Hang Down Your Head

digitizing folk music history: tu 01/10 — the “great folk scare,” part 1.

In the second meeting of Digitizing Folk Music History, our seminar used the many versions of the quintessential 60s folk revival song “Tom Dooley” to dive into the heart of the revival. We will broaden our lens over time, back as far as Herder and forward to the latest alterna-folk, but we start with the song that, as Robert Cantwell shows us, made a strange, unlikely circuit from an actual scandalous murder and hanging after the Civil War to a commercial “hillbilly” old-timey record in the 1920s to lefty ballad collectors in the 30s and 40s to a trio of clean-cut college kids in the late 1950s to a rock star and his band going rootsy and back again to the North Carolina mountains, always hanging its head somewhere between the terrifyingly tragic and wryly macabre, insisting intensely on its locality yet reaching for something like the universal (“throughout history,” as the Kingston Trio put it, thus earning a poor grade if they had been writing a history essay).

We also began to examine the “great folk scare” as a cultural movement using secondary sources (Rahm, Cantwell) as well as primary sources (articles from Time and Mademoiselle magazines): why does it matter to study this phenomenon? How is memory, heritage, modernity, the very meaning of America and Americanness at stake in its music and culture making?

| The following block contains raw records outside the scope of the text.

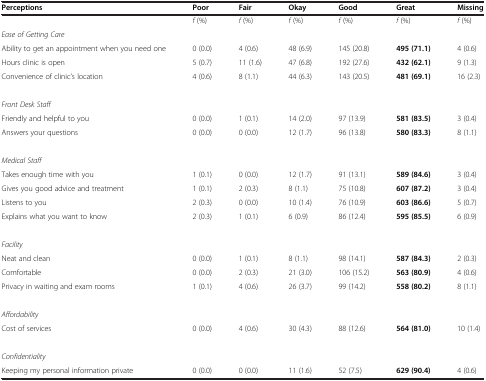
<table><thead><tr><td><b>Perceptions</b></td><td><b>Poor</b></td><td><b>Fair</b></td><td><b>Okay</b></td><td><b>Good</b></td><td><b>Great</b></td><td><b>Missing</b></td></tr></thead><tbody><tr><td> </td><td><i>f</i> (%)</td><td><i>f</i> (%)</td><td><i>f</i> (%)</td><td><i>f</i> (%)</td><td><i>f</i> (%)</td><td><i>f</i> (%)</td></tr><tr><td><i>Ease of Getting Care</i></td><td> </td><td> </td><td> </td><td> </td><td> </td><td> </td></tr><tr><td>Ability to get an appointment when you need one</td><td>0 (0.0)</td><td>4 (0.6)</td><td>48 (6.9)</td><td>145 (20.8)</td><td><b>495 (71.1)</b></td><td>4 (0.6)</td></tr><tr><td>Hours clinic is open</td><td>5 (0.7)</td><td>11 (1.6)</td><td>47 (6.8)</td><td>192 (27.6)</td><td><b>432 (62.1)</b></td><td>9 (1.3)</td></tr><tr><td>Convenience of clinic’s location</td><td>4 (0.6)</td><td>8 (1.1)</td><td>44 (6.3)</td><td>143 (20.5)</td><td><b>481 (69.1)</b></td><td>16 (2.3)</td></tr><tr><td> </td><td> </td><td> </td><td> </td><td> </td><td> </td><td> </td></tr><tr><td><i>Front Desk Staff</i></td><td> </td><td> </td><td> </td><td> </td><td> </td><td> </td></tr><tr><td>Friendly and helpful to you</td><td>0 (0.0)</td><td>1 (0.1)</td><td>14 (2.0)</td><td>97 (13.9)</td><td><b>581 (83.5)</b></td><td>3 (0.4)</td></tr><tr><td>Answers your questions</td><td>0 (0.0)</td><td>0 (0.0)</td><td>12 (1.7)</td><td>96 (13.8)</td><td><b>580 (83.3)</b></td><td>8 (1.1)</td></tr><tr><td> </td><td> </td><td> </td><td> </td><td> </td><td> </td><td> </td></tr><tr><td><i>Medical Staff</i></td><td> </td><td> </td><td> </td><td> </td><td> </td><td> </td></tr><tr><td>Takes enough time with you</td><td>1 (0.1)</td><td>0 (0.0)</td><td>12 (1.7)</td><td>91 (13.1)</td><td><b>589 (84.6)</b></td><td>3 (0.4)</td></tr><tr><td>Gives you good advice and treatment</td><td>1 (0.1)</td><td>2 (0.3)</td><td>8 (1.1)</td><td>75 (10.8)</td><td><b>607 (87.2)</b></td><td>3 (0.4)</td></tr><tr><td>Listens to you</td><td>2 (0.3)</td><td>0 (0.0)</td><td>10 (1.4)</td><td>76 (10.9)</td><td><b>603 (86.6)</b></td><td>5 (0.7)</td></tr><tr><td>Explains what you want to know</td><td>2 (0.3)</td><td>1 (0.1)</td><td>6 (0.9)</td><td>86 (12.4)</td><td><b>595 (85.5)</b></td><td>6 (0.9)</td></tr><tr><td> </td><td> </td><td> </td><td> </td><td> </td><td> </td><td> </td></tr><tr><td><i>Facility</i></td><td> </td><td> </td><td> </td><td> </td><td> </td><td> </td></tr><tr><td>Neat and clean</td><td>0 (0.0)</td><td>1 (0.1)</td><td>8 (1.1)</td><td>98 (14.1)</td><td><b>587 (84.3)</b></td><td>2 (0.3)</td></tr><tr><td>Comfortable</td><td>0 (0.0)</td><td>2 (0.3)</td><td>21 (3.0)</td><td>106 (15.2)</td><td><b>563 (80.9)</b></td><td>4 (0.6)</td></tr><tr><td>Privacy in waiting and exam rooms</td><td>1 (0.1)</td><td>4 (0.6)</td><td>26 (3.7)</td><td>99 (14.2)</td><td><b>558 (80.2)</b></td><td>8 (1.1)</td></tr><tr><td> </td><td> </td><td> </td><td> </td><td> </td><td> </td><td> </td></tr><tr><td><i>Affordability</i></td><td> </td><td> </td><td> </td><td> </td><td> </td><td> </td></tr><tr><td>Cost of services</td><td>0 (0.0)</td><td>4 (0.6)</td><td>30 (4.3)</td><td>88 (12.6)</td><td><b>564 (81.0)</b></td><td>10 (1.4)</td></tr><tr><td> </td><td> </td><td> </td><td> </td><td> </td><td> </td><td> </td></tr><tr><td><i>Confidentiality</i></td><td> </td><td> </td><td> </td><td> </td><td> </td><td> </td></tr><tr><td>Keeping my personal information private</td><td>0 (0.0)</td><td>0 (0.0)</td><td>11 (1.6)</td><td>52 (7.5)</td><td><b>629 (90.4)</b></td><td>4 (0.6)</td></tr></tbody></table>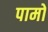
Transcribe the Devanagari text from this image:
पामों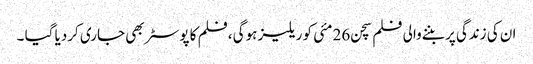
ان کی زندگی پر بننےوالی فلم سچن 26مئی کو ریلیز ہوگی ،فلم کا پوسٹر بھی جاری کردیا گیا ۔
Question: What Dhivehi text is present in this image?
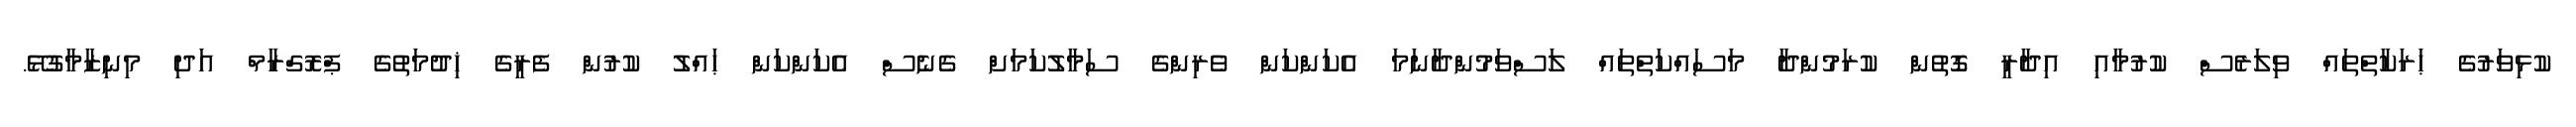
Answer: ކުޅިވަރުގެ ޙަރަކާތްތައް ވިލަރެސް ކުރުމާއި އިދާރީ ގޮތުން ކުރަމުންދާ މަސައްކަތްތައް ލަސްވަމުންދާނަމަ އެކަންކަން ވެރިންގެ ސަމާލުކަމަށް ގެނެސް އެކަންކަން ޙައްލު ކުރުން ފެރީގެ ޚިދުމަތުގެ ޕްރޮގްރާމް އަދި މިނިޒާމާގުޅޭ.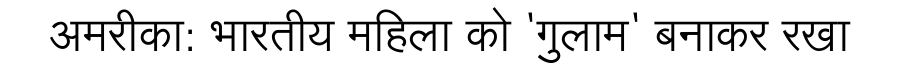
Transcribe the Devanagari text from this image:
अमरीका: भारतीय महिला को 'गुलाम' बनाकर रखा

Tu 01/10 The “Great Folk Scare,” Part 1

READING

  • Millie Rahm, “The Folk Revival: Beyond Child’s Canon and Sharp’s Song Catching,” in American Popular Music: New Approaches to the Twentieth Century, eds. Rachel Rubin and Jeffrey Melnick (Amherst: University of Massachusetts Press, 2001), 193-210
  • Robert Cantwell, “When We Were Good: Class and Culture in the Folk Revival,” in Transforming Tradition: Folk Music Revivals Examined, ed. Neil Rosenberg, 35-60
  • Susan Montgomery, “The Folk Furor,” Madamoiselle, December 1960, 98-100, 117-119
  • A., “Folk Singing: Sibyl With Guitar,” Time, 23 November 1963

Optional:

LISTENING

  • Folk Introduction Mix

See post from last year’s seminar as well: Tom Dooley Studies.